In order to Tax non-monetary property and wealth the government sets an arbitrary price (they are not even personalized assesments) and often people transact below that price. I have bought and sold below that price. I want my government to declare the highest price it would buy at if I so decided.

Government: X is worth Y

Me: Sold (or not if I so wish)

How can we force (make an incentive compatible mechanism for) the government to reveil its indifference price towards all goods/property to be Taxed?

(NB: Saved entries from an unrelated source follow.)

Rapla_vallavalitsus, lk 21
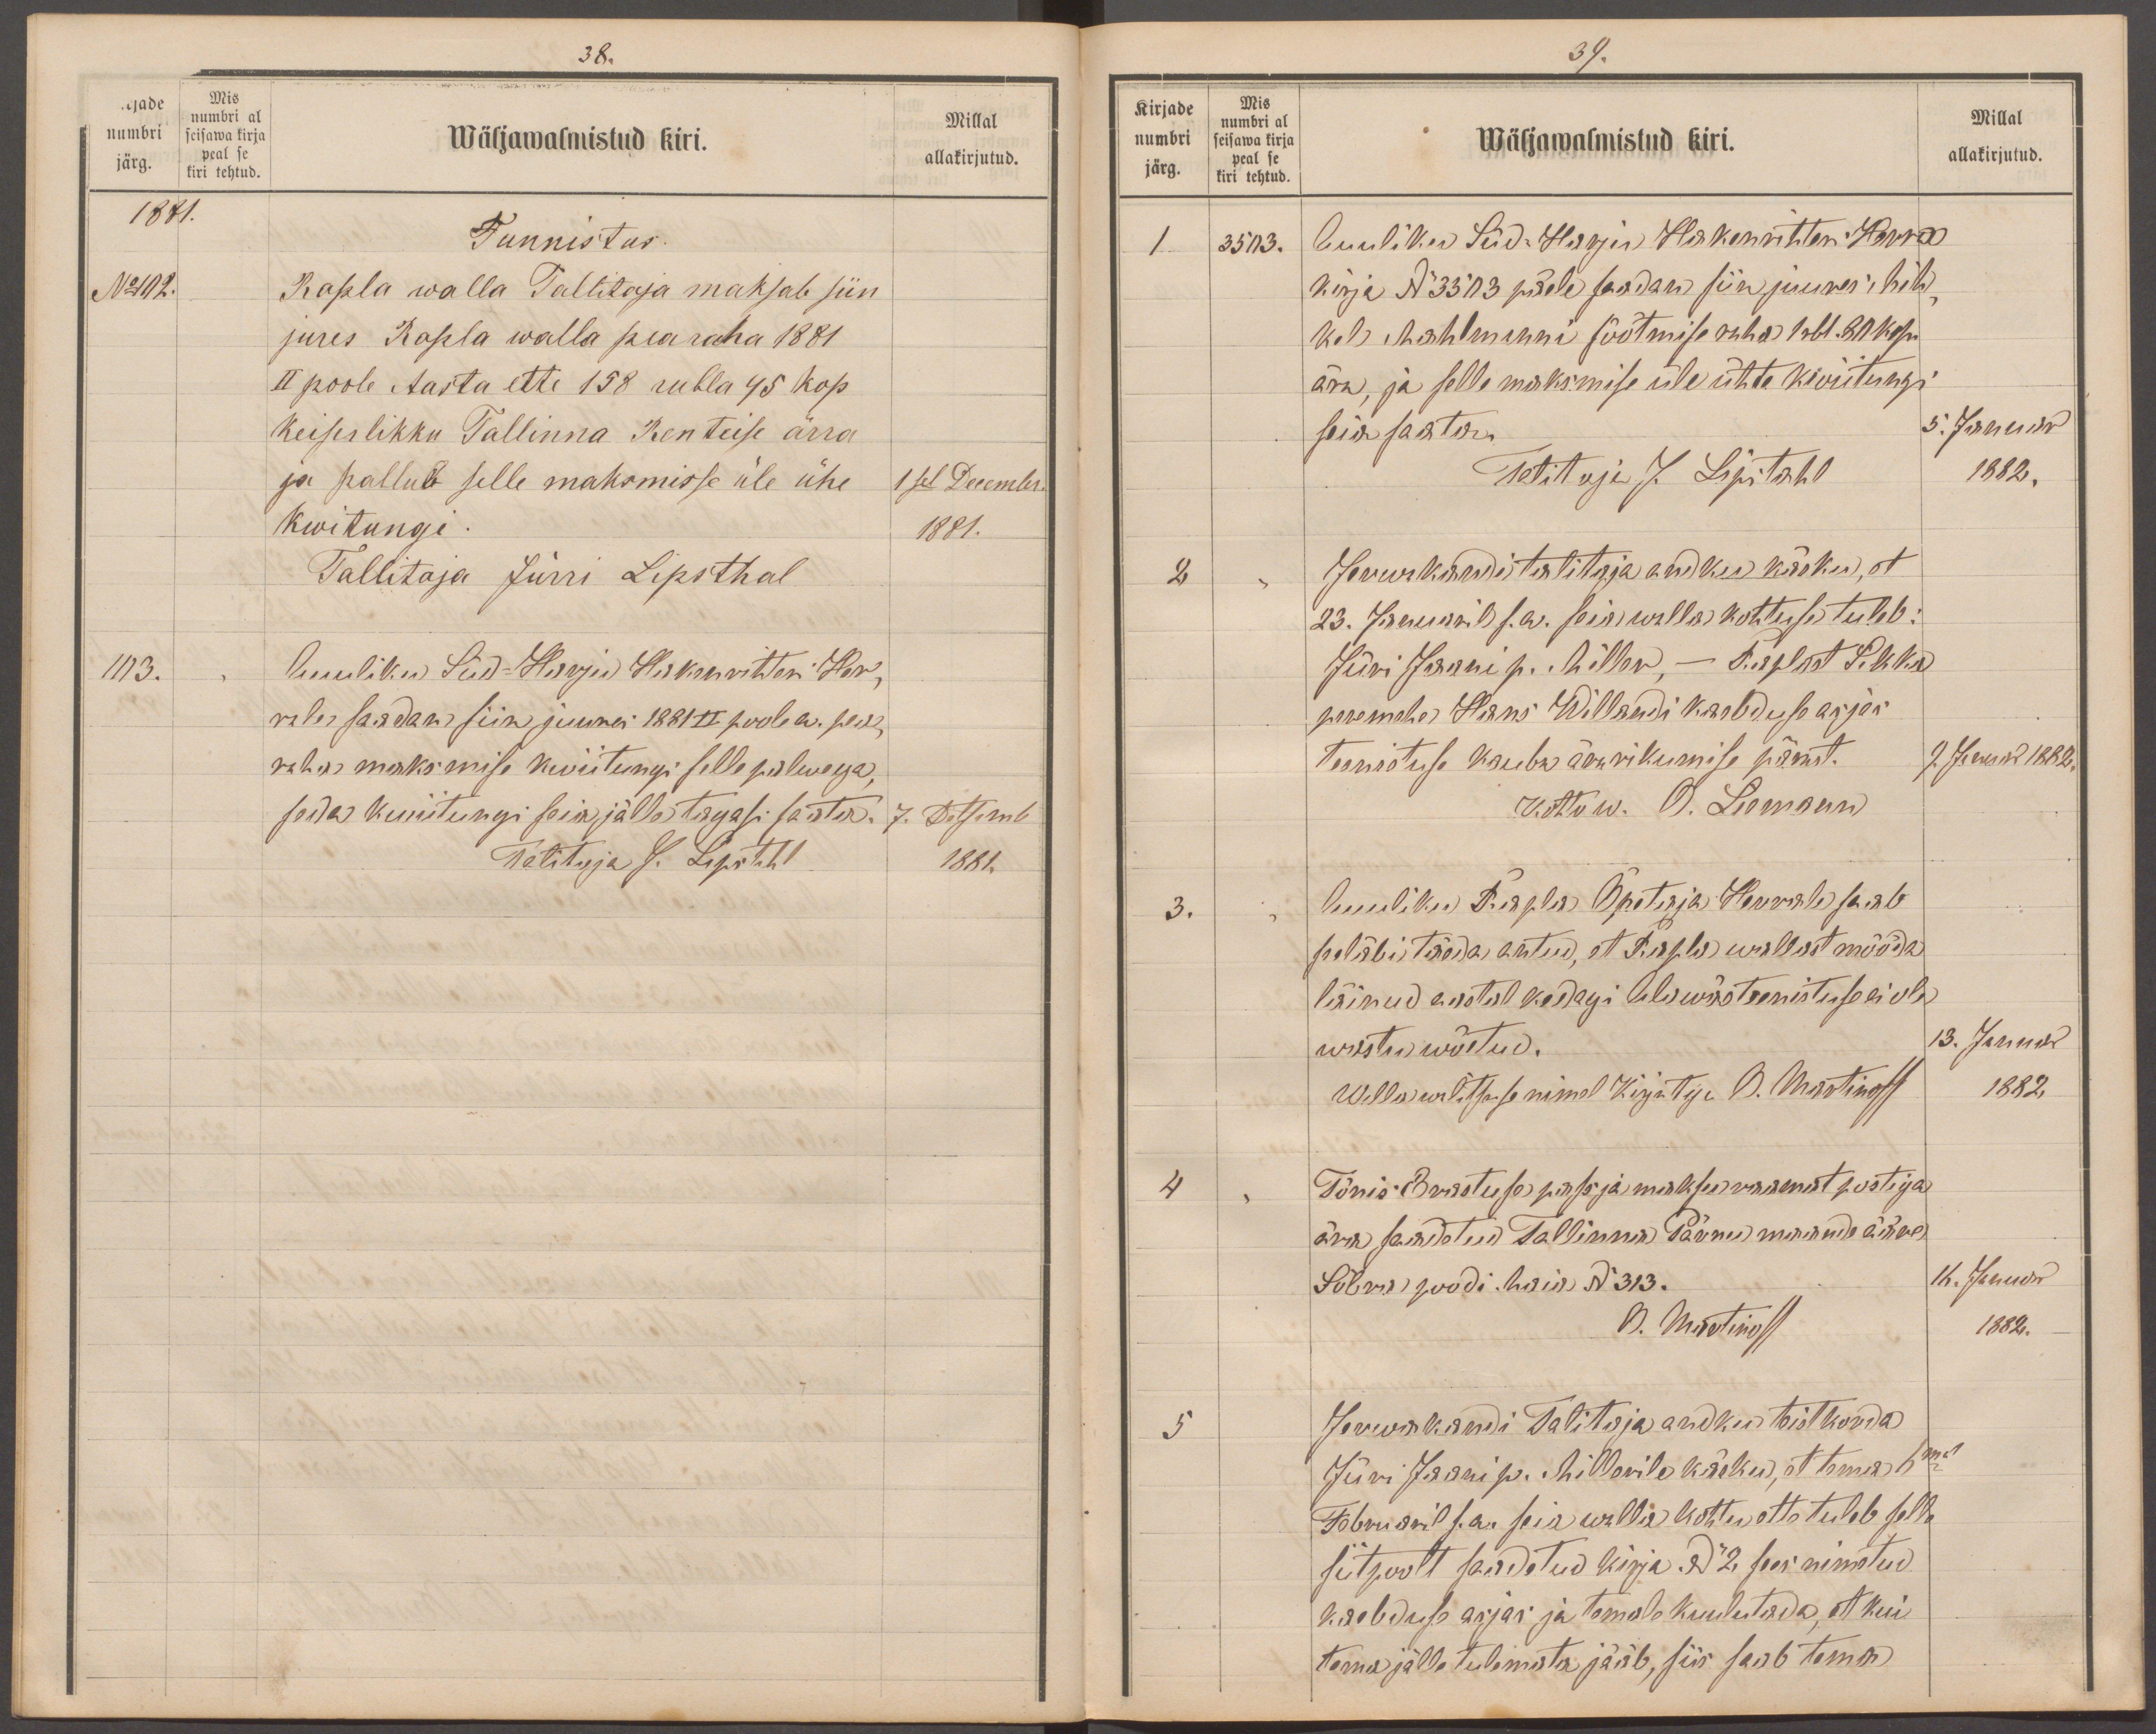
38.
jaade
Mis
numbri al
numbri
seisawa kirja
Wäljawalmistud kiri.
Millal
peal se
järg.
kiri tehtud
allakirjutud.
1881.
Tunnistus.
No 102.
Rapla walla Tallitaja maksab siin
jures Rapla walla pearaha 1881
II poole Aasta ette 158 rubla 45 kop
keiserlikku Tallinna Renteise ärra
ja pallub selle maksmisse üle ühe
sel Decembr.
Kwitungi
1881.
Tallitaja Jürri Lipsthal
103.
1
Auuliku Süd-Harju Hakenrihteri Her-
rale saadan siin juures 1881 II poole a. selle
rahu maksmise kwiitungi selle palwega,
sedda kwiitungi seia jälle tagasi saata.
7. Detsemb.
Talitaja J. Lipstahl
1881.

39.
Kirjade
Mis
numbri al
Millal
numbri
Wäljawalmistud kiri.
seisawa kirja
peal se
järg.
kiri tehtud
allakirjutud.
1
3503.
Auuliku Süd: Harju Hakenrihteri Herra
kirja No 3303 päele saadan siin juures Mih
kel Mahlmanni söötmise raha 1 rbl. 80 kop.
ära, ja selle maksmise üle ühte kwiitungi
seia saata.
5. Januar
Talitaja J. Lipstahl
1882.
2
Jerwakandii talitaja andku käsku, et
23. Januaril s.a. seie walla kohtuse tuleb.
Jüri Jaani p. Miller, - Raplast Pikka
peremehe Hans Willandi kaebduse asjas
teenistuse kauba ärarikumise pärast.
2. Januar 1882.
Kohtu w. O. Liemann
3.
Auuliku Rapla Õpetaja Herrale saab
seeläbi täeda antud, et Rapla wallast mööda
läinud aastal kedagi Ale wäeteenistustuse ei ole
wastu wõetud.
13. Januar
Wallawalitsuse nimel Kirjutaja B. Martinoff
1882
4
Tõnis Erastuse pass ja maksu raamat postiga
ära saadetud Tallinna Pärnu maande äres
Sõbra poodi. Maia No 313.
16. Januar
B. Martinoff
1882.
5
Jerwakandi Talitaja andku teistkorda
Jüri Jaani p. Millerile käsku, et tema 6mal
Februaril s. a. seia walla kohtu ette tuleb selle
siitpoolt saadetud kirja No 2 sees nimetud
kaebduse asjas ja temale kuulutada, et kui
tema jälle tulemata jääb, siis saab tema

I want to solve an optimization problem to confirm the incentive compatibility. I am hoping for a stable equilibrium where not only an increase/decrease in the price (any deviation from the indifference price) puts the government in a worse position but also if the government were to declare any other price it would always improve its position be moving closer (the utility function should be unimodal with the mode equal to the government's indifference price and it should have no other local maximum) There should be uncertanty (the government doesn't know the Tax payers' reservation price otherwise the best choice would be to declare their reservation price over your own indifference price).

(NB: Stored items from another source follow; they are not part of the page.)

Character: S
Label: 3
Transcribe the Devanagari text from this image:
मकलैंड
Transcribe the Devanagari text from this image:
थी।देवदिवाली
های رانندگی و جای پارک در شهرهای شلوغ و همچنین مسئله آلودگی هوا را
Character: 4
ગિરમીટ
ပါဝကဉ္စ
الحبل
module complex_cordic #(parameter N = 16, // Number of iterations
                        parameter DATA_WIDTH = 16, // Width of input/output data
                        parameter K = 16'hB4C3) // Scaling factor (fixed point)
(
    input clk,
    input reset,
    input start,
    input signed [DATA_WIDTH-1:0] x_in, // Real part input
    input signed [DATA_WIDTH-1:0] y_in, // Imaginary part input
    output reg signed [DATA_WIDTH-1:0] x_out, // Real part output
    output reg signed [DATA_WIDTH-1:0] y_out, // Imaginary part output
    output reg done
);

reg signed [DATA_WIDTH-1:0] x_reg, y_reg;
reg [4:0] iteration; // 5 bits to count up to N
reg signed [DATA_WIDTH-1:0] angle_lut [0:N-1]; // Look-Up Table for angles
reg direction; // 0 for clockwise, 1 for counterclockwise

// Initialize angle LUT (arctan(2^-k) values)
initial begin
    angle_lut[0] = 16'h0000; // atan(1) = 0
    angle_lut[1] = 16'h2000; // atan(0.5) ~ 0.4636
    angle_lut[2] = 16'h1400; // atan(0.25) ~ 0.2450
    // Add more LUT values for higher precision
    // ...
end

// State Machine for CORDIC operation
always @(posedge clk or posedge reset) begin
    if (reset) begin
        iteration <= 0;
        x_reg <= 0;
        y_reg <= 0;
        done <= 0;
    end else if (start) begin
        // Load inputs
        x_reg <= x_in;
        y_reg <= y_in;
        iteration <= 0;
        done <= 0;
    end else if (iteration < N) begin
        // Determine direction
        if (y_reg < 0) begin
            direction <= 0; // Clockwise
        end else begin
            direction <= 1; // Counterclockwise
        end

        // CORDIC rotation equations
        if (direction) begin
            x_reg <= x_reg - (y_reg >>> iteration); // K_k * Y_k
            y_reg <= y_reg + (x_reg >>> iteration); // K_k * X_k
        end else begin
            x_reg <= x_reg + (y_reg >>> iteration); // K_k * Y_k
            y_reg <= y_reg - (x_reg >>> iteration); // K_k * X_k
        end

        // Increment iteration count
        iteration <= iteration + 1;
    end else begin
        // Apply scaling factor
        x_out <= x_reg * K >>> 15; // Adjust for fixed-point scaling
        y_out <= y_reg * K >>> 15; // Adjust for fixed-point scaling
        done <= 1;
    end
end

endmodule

How I went about trying to solve the problem.

The government has a WTP Y (because either it values the asset at Y or because it can sell at Y if no agent has a higher WTP than the owner then obviously Y=Z) The owner has a WTS Z

The government want to maximize their wealth.

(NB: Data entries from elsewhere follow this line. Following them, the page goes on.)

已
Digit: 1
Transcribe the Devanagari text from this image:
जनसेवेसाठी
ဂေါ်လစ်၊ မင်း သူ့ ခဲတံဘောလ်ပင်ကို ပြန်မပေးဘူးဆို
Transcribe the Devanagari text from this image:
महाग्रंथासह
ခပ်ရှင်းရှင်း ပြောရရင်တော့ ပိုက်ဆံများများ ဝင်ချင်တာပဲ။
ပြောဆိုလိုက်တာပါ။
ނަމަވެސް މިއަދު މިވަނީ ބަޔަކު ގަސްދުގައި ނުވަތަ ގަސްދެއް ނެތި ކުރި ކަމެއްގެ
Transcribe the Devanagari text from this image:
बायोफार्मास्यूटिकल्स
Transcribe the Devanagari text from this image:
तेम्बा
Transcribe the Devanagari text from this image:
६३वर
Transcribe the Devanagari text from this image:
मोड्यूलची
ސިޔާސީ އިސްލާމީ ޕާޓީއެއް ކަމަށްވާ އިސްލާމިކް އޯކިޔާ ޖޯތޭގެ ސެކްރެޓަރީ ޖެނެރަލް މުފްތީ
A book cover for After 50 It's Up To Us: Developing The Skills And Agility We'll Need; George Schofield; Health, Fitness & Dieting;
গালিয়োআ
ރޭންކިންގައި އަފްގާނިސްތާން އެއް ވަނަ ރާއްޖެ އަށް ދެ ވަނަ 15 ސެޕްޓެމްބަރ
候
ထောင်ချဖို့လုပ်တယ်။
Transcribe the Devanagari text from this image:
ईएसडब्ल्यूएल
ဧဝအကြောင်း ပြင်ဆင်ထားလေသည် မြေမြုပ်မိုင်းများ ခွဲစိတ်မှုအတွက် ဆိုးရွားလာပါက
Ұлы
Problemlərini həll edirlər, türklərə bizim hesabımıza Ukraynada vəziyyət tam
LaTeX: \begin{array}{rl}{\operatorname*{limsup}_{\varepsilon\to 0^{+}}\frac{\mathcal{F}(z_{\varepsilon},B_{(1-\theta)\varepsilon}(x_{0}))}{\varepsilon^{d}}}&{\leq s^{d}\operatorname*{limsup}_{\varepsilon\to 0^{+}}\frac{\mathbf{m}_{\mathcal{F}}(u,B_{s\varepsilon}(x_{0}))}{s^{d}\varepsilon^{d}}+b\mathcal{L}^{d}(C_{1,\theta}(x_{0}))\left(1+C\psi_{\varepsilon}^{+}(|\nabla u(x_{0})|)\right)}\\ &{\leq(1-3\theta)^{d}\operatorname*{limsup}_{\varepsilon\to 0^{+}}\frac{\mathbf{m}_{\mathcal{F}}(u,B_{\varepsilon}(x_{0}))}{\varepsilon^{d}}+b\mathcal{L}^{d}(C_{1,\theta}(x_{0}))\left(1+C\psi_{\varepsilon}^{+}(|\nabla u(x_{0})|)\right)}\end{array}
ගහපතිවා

So everytime anything lower than Y (X<Y) will not be declared because The government would lose on taxes (it can increase the tax revenues until Y without worrying about having to purchase)

On the other hand when it declares something higher than Z the owner will sell making the government earn the tax rate but lose MR of 1.

Let's say the tax rate in not constant but proportional to some tax rate for the highest valued asset

$\dfrac{x^2}{2w} + Y - X$ is the function of the of the government

We can see that when x < w (always true since w is the highest valued asset) The government actually loses more than it earns for declaring anything higher

I don't know how to account for uncertainty on Z

  • $\begingroup$ I don't understand your question. What do you mean by the government setting a price to tax something? What does it mean for people to transact below that price? $\endgroup$ Nov 3, 2021 at 23:07
  • $\begingroup$ @axelniemeyer The government (for tax purposes) "says" how much X (for example a house) is "worth". It sets some general and abstract criteria (for example surface area Z$ per square metre, location the price for a square metre depends on the location, floor a house in the third floor will be worth more than the same house in the basement), And it calculates the Tax you must pay as a percentage of that. The problem is that often what the government calculates is exorbitant (it also inflates thence the Tax payed) and you can find no one to transact at that price (it is merely fictitious). $\endgroup$ Nov 4, 2021 at 6:32
  • $\begingroup$ @axelniemeyer I want the assesments to be personalized and equal to the governments indifference price. $\endgroup$ Nov 4, 2021 at 6:33
  • $\begingroup$ I understand what you mean now but the question is still very vague. What kind of model do you have in mind? The government interacting with a single taxpayer in isolation and the valuations of both are their private information? This model is not very good in that the government's valuation comes somewhat out of nowhere. In practice, this valuation should be the resale price, which is more or less common knowledge, so your "russian roulette" mechanism would be the solution. Otherwise, can the taxpayer commit not to rebuy the house? Also, is the taxrate given exogenously? $\endgroup$ Nov 4, 2021 at 20:46
  • $\begingroup$ @axelniemeyer The government interacts with every taxpayer but since we have variables (we don't need a numerical value for any of them) and we can consider the incentives to be similar (profit-seeking not loss-seeking) we can choose to make the interaction 1-1 to make things easier. Or we can complicate stuff by adding many taxpayers and a liquidity problem (if every taxpayer or at least a lot of them decided to sell maybe the government could not meet the supply). The valuations of both (every person) should probably be private information. $\endgroup$ Nov 4, 2021 at 23:42

2 Answers 2


I think I understood your question. You want a mechanism through which the government and the owner of the non-monetary asset interact in such a way that the tax charged is "fair", right? If this is correct I think the issue here is to define what would be a "fair" tax, and in your question you are assuming that fairness will be for the tax to the depend on the government valuation. However, I believe the government's value for someone's house, for example, has no reason to be different from the house's market value, so I think what you want is simply that the basis value for the tax to be the house's market value, but this should be public information.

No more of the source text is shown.